Come funziona un avvitatore a impulsi

Dove c’è una vite da avvitare o svitare c’è bisogno dell’avvitatore a impulsi, uno strumento che semplifica e alleggerisce questa operazione che manuale sarebbe faticosa e perditempo. Invece, avvalendosi di un buon avvitatore a impulso, tutto fila liscio, anche in presenza di viti ostiche e ossidate e in men che non si dica il gioco è fatto in un lampo e senza sforzi sovrumani. Incredibile la potenza di questo piccolo utensile a forma di pistola che permette di lavorare con estrema facilità e maneggevolezza senza appesantire la mano e il polso, anche grazie alla sua leggerezza ed ergonomicità. La capacità di trattare viti e bulloni anche in condizioni di criticità e difficili da gestire fa sì che questi strumenti siano utilizzati in ambito lavorativo e professionale, soprattutto in carpenteria e nelle officine meccaniche dove servono per la messa a punto delle gomme di auto e motocicli.

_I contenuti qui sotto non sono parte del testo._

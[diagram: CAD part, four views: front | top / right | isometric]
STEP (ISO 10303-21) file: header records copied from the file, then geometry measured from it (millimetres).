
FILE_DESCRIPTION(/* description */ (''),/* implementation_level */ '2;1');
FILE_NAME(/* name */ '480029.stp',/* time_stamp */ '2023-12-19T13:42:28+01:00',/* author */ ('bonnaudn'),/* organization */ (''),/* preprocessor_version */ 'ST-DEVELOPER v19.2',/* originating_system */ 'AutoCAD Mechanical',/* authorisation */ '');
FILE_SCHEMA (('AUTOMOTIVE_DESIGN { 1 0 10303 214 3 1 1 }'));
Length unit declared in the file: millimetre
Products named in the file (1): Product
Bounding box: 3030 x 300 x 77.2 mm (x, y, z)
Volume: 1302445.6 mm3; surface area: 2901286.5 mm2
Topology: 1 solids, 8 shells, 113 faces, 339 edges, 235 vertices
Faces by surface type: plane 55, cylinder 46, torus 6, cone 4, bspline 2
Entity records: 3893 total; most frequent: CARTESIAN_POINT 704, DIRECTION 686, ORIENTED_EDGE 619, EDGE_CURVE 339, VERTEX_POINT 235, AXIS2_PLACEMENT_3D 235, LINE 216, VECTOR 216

Se alimentati a batteria, gli avvitatori a impulsi necessitano di carica per funzionare, di solito le batterie sono fornito in coppia nel kit d’acquisto e richiedono in media dai 30 ai 45 minuti per completare il ciclo. Oltre ad essere pratici e funzionali, questo tipo di avvitatori si distinguono per dei sistemi di sicurezza basati sulla presenza di una ventola che si attiva ogni qual volta l’arnese è sotto stress o si surriscalda. Qualora dovessero insorgere guasti o anomalie nel funzionamento si attiva in automatico un altro sensore di sicurezza che blocca lo strumento per evitare il superamento della soglia di resistenza.

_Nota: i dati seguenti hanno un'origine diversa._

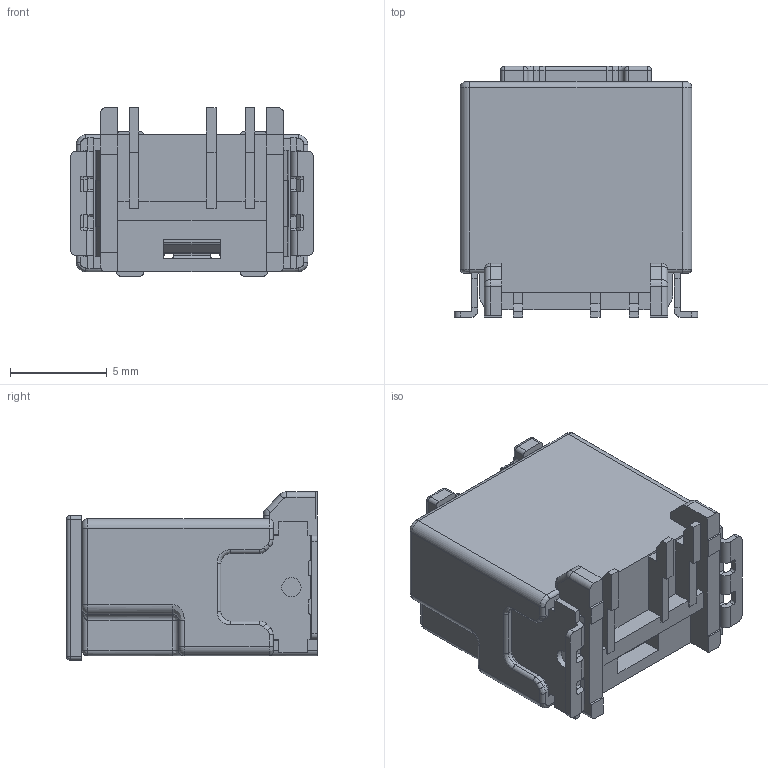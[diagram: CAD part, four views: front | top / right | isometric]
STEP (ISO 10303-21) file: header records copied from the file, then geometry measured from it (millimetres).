
FILE_DESCRIPTION (( 'STEP AP214' ), '1' );
FILE_NAME ('C_020_D_C_SMT_3M_V_ASSY_BK_(B)_Rev.B.STEP', '2020-10-21T01:51:44', ( '' ), ( '' ), 'SwSTEP 2.0', 'SolidWorks 2019', '' );
FILE_SCHEMA (( 'AUTOMOTIVE_DESIGN' ));
Length unit declared in the file: millimetre
Products named in the file (1): C_020_D_C_SMT_3M_V_ASSY_BK_(B)_Rev.B
Bounding box: 12.6 x 13 x 8.72 mm (x, y, z)
Volume: 515.8 mm3; surface area: 1366.8 mm2
Topology: 2 solids, 2 shells, 874 faces, 2338 edges, 1437 vertices
Faces by surface type: plane 456, cylinder 296, bspline 70, cone 30, torus 14, sphere 8
Full cylindrical faces by diameter (mm): 1 x2
Entity records: 28868 total; most frequent: CARTESIAN_POINT 8134, ORIENTED_EDGE 4592, DIRECTION 3934, EDGE_CURVE 2296, LINE 1514, VECTOR 1514, VERTEX_POINT 1437, AXIS2_PLACEMENT_3D 1210

Trattandosi di un dispositivo preposto al trattamento di viti e bulloni con alte coppie di serraggio, l’avvitatore a impulsi trova collocazione anche nei cantieri edilizi dove viene utilizzato principalmente per montare e smontare impalcature e per altre necessità, ma il suo uso è diffuso anche nelle falegnamerie e nei mobilifici per l’assemblaggio dei pezzi dei vari complementi d’arredo. Essendo un utensile impiegato largamente ad uso professionale, anche i costi si adeguano al tipo di impiego. Si parte da avvitatori a impulsi ad uso hobbistico in vendita sotto i 100 euro, mentre un arnese destinato ad usi lavorativi e imprenditoriali può superare anche i 500 euro.